# Happy Thanksgiving to the American expats!



## EriEli (Oct 26, 2011)

Thought it would be fun to share how we're all celebrating this year...

I am actually in the US with family this year but in 2010 I cooked meal for 15 in tiny a studio apt. in Athens. Though it was a bit tough finding all the ingredients, (i.e cranberries) it was a huge success. I learned that people many Greeks aren't used to sage flavored food (stuffing was a bit confusing to people) but all in all was definitely a fun evening. 

What are your thanksgiving traditions / how are you celebrating this year? Or better yet, what are you all thankful for during this tough time in Greece's history?

Happy thanksgiving to you all!


----------



## wka (Sep 18, 2009)

Thank you and happy Thanksgiving to you too!!

I hosted a Thanksgiving party at our apartment last night (Thursdays we have Turkish lessons so couldn't do it today). 

I cooked for 2 days straight. It was a great success. I was the only person there who had any idea what Thanksgiving is.

This was the menu:

- roast turkey - I found The One and Only Turkey (frozen) in this city. It was the size of a fat chicken.
- cranberry sauce - I had to use Greek "krana" which are NOT the same and have big pits that I had to remove by hand... took 3 hours... but the taste was pretty close-ish.
- garlic-horseradish mashed potatoes
- homemade rolls
- stuffing made from some of the rolls with mushrooms, wild celery, and pine nuts (I think this was my favorite part)
- roasted potatoes, carrots, pumpkin, and onions
- peas and pearl onions
- one of the guests brought three salads

And dessert...

- apple pie with vanilla ice cream (I bought the ice cream at the store, I know, shameful!) and warm apple topping
- lemon cheesecake
- orange pie (portokalopita) made my my aunt-in-law

It was good!
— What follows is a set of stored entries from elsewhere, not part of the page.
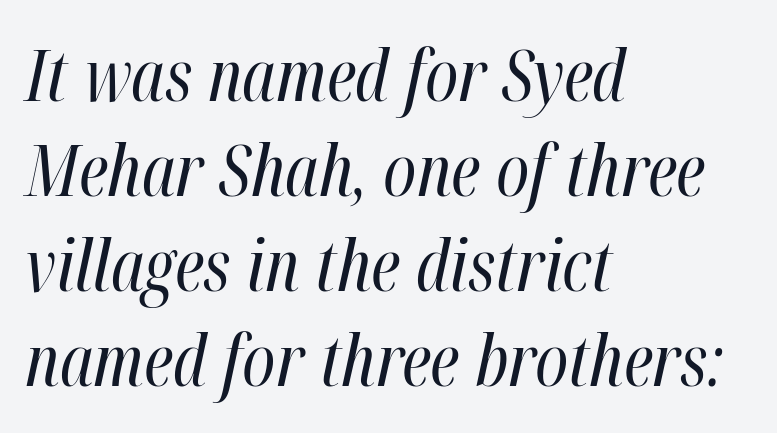
Q: Is the text bold? A: No.
Q: Is the text italic (slanted)? A: Yes, it leans right by about 12 degrees.
Q: Is the text underlined? A: No.
Q: How is the paragraph aligned? A: Left-aligned.
Q: Is the spacing between letters normal or unusually wide? A: Normal.
Q: Is the spacing between lines tight, normal or loose? A: Normal.
Q: Width (condensed, normal, or wide)? A: Condensed.
Q: Stroke contrast? A: High.
Q: x-height? A: Medium.
Q: Monospaced? A: No.

I really appreciated not having to cook today. I think we have enough leftovers to keep me out of the kitchen for at least 2 more days.

We had so much fun... I think the guests were convinced that Thanksgiving is a great idea. Oh and I almost forgot - I made my husband play "This Land is Your Land" on the piano and I sang... hilarious.


----------



## EriEli (Oct 26, 2011)

What fun!!! (I love the this land is your land part - don't think my fiancé has ever heard that song. I forced him to listen to "country roads" the other day and he asked me if there was "something in the water" in the US...haha.. Yes dear...and all your old greek classics are totally easy on the ears...)

This year I had all the old standards in the American fashion...one final time before moving. Last years feast is probably much more interesting. Especially since i pulled it off using one of those miniature ovens with ONE burner. The menu:

-Baked Brie cheese wheel with a dried nut and fruit crust (I cut off some of the skin and pressed in the crust and baked it. HUGE success! I made two and they were both gone within minutes.

- baked yam medallions served cold with Gorgonzola and walnuts (another crowd pleaser appetizer)

- roasted and salted (at home) hazelnuts

-Turkey (I also found the only one to be had. I was a bit large for our mini oven so my fiancé broke a leg before we stuffed it in the oven. Nothing for a farm boy, but gruesome for me.) I had brought an oven bag from the US..life saver! Also, I was afraid it was going to taste like ice so I brined it for 24 hours. It was honestly delicious.

- stuffing with celery, leeks, pine nuts and mixed dried fruit (found sage at an incredible old spice place near the central Athens market off of athinas st. It was very fragrant and a tiny bit goes a looooong way. Guests were unsure what to do with it...tasted like tea to them with sage. Meh - more for me. It was my favorite too.

- creamy whipped garlic mashed potatoes ( thank you ΝΟΥΝΟΥ. Huge hit)

- gravy. Most of my guests had never eaten gravy, it took some convincing but they loved it once they got the courage up.

- cranberries. I actually found frozen cranberries at a polish market in the central Athens market. They were cheap and pretty close to the real thing - although about a 1/4 of the size of American cranberries - the flavor was the same. We also dropped some berries in champagne glasses and served a welcome toast. People loved this.

- Spinach, pear, feta salad. With all the other new things to taste, this was a wash. No one touched it.

Seems like I'm forgetting a vegetable...hmmm.

- pumpkin pie (made from a whole baked pumpkin...delicious! I will never use canned again) and homemade crust (ugh, that was tough but worth it)

- apple pie (people liked this more than pumpkin)

And lots and lots of wine..... 

I had people writing me and calling me here in the US this year asking me to hurry back to Greece to cook again  I have a feeling it's going to be a happy tradition in our Greek home for many years to come! 

Happy Thanksgiving!


----------